Norwich, Connecticut

Norwich was founded in 1658.   

The Chelsea Aqueduct Company was formed in 1800 by Joseph Howland, Levi Huntington, Benjamin Coit, Dwight Ripley, Newcomb Kinney, Sylvester Bill, and Joseph Perkins, inhabitants of the Society of Chelsea in Norwich, New London County.  They submitted a petition for incorporation, which was granted in May 1800.




Norwich Courier, June 25, 1806 Norwich Courier, March 6, 1811 Norwich Courier, July 2, 1817

The Norwich Plain Aqueduct Company of Norwich was chartered in October 1808 by Thomas Leffingwell, John Hyde, Joseph H. Strong, Uriah Tracy, Nathaniel Shipman, John Fanning, Thomas Fanning, Ebenezer Carew, Joshua Huntington, David Nevins, Hezekiah Perkins and Calvin Goddard "for the purpose of conducting water to the plain between Norwich town, and Chelsea landing, and thence if they shall think fit, to said Chelsea landing, in subterraneous pipes."

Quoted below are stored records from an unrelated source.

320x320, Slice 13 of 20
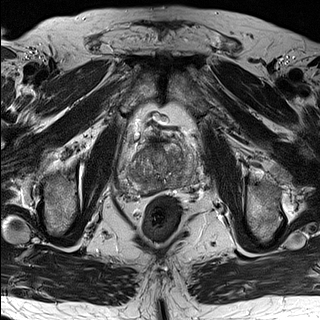
T2-weighted MRI.
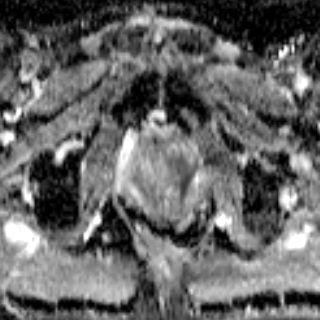
ADC magnetic resonance.
prostate peripheral zone: <bbox>123, 150, 196, 191</bbox> | prostate transition zone: <bbox>124, 139, 191, 181</bbox>

Thomas Sutton opened a lead pipe factory in Norwich in 1823.  (Norwich Courier, September 24, 1823, page 3)

The Bean Hill Aqueduct Company of Norwich was chartered in May 1832 by Eber Backus, Stephen Tracy, Erastus Huntington, Abial B. Sherman, and Erastus Wentworth, "for the purpose of conducting water into the town street in said Norwich."

The Norwich Cold Spring Aqueduct Company was chartered in May 1832 by "William P. Eaton, Thomas Robinson, and all such persons, as are, or from time to time, may be associated with them, for the purpose of conducting water into the city of Norwich by means of subterraneous pipes,"

In May 1834 the charter of the Chelsea Aqueduct Company was repealed and the name of the Norwich Cold Spring Aqueduct Company was changed to the Norwich Aqueduct Company, and also granted "all the powers and privileges heretofore granted to the Chelsea aqueduct company."

The East Chelsea Aqueduct Company was incorporated in 1845 by Daniel B. Miner, Elery Burdick and Gordon Chapman "for the purpose of supplying water to persons residing in the city of' Norwich."  This company built a system and was still operating in 1912.

In 1857 the deaths of a number of residents on Church and Washington streets were laid to lead poisoning from the pipes of Kennedy's (or Kenney's) Aqueduct, which was probably owned by Jacob Witter Kinney at that time.

In April 1858 James Bottom petitioned the Norwich Common Council for "liberty to lay aqueduct pipes through Ferry Street" and Pierce & Robinson petitioned for the same purpose "through the streets generally."  (Norwich Aurora, April 17, 1858, 3)  Both were approved on May 3, 1858. (Norwich Aurora, May 15, 1858, 3)  Pierce & Robertson were Coppersmiths & Brass Founders in Norwich (Norwich Courier, June 6, 1855, 3)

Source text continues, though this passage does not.